All pregnant people should be screened for syphilis, HIV, hepatitis B, and hepatitis C during their first prenatal visit or within the first trimester. Pregnant people aged 24 and younger, as well as older pregnant people (aged 25 and over) with risk factors for STIs, should also be screened for chlamydia and gonorrhea. Those who are at continued risk for STIs should be retested for chlamydia, gonorrhea, syphilis, HIV, and hepatitis B in their third trimester. For those who receive positive chlamydia and/or gonorrhea results, it is recommended to get retested 3 months after treatment.

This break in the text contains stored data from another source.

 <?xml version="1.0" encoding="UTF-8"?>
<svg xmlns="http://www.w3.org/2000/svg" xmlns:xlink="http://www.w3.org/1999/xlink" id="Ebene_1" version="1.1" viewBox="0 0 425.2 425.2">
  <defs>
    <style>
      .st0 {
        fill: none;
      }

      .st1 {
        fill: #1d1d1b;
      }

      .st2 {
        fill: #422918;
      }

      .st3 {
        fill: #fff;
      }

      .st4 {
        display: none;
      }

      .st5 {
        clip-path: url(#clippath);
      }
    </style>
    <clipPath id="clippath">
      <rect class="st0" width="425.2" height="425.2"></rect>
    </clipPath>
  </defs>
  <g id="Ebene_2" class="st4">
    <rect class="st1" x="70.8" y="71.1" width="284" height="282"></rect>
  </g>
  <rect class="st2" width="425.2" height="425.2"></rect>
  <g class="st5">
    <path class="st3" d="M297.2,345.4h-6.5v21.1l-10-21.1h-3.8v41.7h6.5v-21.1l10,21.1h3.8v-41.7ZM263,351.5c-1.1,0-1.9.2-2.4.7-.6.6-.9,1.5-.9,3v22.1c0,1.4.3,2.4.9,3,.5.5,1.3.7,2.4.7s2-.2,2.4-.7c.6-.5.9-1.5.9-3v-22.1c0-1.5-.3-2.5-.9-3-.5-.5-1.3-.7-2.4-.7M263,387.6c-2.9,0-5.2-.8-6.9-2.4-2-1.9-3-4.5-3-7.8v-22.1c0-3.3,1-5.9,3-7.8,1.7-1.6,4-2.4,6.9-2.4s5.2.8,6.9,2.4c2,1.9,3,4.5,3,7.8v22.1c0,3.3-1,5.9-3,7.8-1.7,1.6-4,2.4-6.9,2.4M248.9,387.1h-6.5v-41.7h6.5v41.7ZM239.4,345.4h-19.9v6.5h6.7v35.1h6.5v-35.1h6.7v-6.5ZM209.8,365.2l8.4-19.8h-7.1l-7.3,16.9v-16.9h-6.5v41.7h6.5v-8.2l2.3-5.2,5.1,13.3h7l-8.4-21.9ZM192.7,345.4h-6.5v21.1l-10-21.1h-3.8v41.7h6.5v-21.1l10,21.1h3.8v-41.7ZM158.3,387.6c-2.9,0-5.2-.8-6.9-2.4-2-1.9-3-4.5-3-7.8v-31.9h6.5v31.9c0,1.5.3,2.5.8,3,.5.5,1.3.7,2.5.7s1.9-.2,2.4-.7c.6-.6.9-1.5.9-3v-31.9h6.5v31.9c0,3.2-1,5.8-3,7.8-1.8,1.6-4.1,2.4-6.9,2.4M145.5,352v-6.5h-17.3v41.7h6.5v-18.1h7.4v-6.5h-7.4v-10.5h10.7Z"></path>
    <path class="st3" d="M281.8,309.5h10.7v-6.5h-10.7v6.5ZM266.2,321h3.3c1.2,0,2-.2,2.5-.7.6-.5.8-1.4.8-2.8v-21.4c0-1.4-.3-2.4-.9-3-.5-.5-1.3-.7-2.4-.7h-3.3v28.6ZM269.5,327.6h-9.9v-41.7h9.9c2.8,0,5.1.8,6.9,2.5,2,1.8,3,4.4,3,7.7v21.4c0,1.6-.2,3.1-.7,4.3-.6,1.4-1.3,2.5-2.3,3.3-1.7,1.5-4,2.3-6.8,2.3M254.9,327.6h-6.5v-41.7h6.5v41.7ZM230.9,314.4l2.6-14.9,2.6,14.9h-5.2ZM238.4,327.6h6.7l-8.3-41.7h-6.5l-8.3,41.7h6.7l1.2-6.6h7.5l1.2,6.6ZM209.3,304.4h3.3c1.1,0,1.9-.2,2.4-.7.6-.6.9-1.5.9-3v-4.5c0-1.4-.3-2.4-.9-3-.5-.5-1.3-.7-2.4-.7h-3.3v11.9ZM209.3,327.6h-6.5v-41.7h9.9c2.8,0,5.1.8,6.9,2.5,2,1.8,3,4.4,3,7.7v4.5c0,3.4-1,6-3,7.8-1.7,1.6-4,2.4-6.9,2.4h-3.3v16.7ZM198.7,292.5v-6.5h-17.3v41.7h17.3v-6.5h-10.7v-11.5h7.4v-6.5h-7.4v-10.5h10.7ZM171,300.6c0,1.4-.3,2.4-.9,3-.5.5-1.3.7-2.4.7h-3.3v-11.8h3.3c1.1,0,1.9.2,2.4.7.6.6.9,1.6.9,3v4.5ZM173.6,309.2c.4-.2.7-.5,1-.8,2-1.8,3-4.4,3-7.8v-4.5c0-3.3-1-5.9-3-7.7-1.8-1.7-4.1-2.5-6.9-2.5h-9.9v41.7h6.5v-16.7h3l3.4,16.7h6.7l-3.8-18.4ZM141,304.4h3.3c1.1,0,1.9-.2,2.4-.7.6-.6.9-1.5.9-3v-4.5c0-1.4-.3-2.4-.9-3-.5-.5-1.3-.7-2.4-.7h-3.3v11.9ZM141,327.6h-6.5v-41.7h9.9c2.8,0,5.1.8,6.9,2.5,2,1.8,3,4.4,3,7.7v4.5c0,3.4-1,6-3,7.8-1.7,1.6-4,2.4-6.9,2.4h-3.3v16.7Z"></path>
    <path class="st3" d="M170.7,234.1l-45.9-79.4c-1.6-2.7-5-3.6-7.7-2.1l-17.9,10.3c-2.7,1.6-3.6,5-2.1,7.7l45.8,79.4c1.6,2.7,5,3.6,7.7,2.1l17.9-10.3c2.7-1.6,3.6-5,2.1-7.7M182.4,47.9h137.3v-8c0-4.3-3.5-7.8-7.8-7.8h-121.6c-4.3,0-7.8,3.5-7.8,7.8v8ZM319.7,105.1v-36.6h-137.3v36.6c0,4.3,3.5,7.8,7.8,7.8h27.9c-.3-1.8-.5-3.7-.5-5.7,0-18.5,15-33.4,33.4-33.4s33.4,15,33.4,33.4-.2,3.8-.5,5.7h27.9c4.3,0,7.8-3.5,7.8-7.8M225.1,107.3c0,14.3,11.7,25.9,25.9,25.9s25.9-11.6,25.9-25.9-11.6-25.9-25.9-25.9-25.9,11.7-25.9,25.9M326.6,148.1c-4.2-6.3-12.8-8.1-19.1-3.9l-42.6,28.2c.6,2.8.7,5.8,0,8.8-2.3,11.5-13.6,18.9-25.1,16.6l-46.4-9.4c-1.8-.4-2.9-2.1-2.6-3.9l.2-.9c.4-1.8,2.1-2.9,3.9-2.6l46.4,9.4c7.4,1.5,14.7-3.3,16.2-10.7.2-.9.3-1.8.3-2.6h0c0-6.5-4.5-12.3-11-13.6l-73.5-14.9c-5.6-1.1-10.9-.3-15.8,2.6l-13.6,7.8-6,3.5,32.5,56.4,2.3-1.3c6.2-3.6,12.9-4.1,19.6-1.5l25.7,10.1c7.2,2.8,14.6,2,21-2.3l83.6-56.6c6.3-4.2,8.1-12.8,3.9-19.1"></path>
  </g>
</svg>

Additionally, people with a vagina/vulva in high-risk settings and with other risk factors for STIs should consider being tested for trichomoniasis. This includes those with multiple sex partners, those exchanging sex for payment, those using illicit drugs, and those with a history of STIs or incarceration. Those receiving care in high-prevalence settings (e.g., STI clinics and correctional facilities) may also consider testing.
HIV Testing
Everyone between the ages of 13 and 64 should be tested for HIV at least once as part of your routine health care, even if you have never had sex or you think your partner only has sex with you.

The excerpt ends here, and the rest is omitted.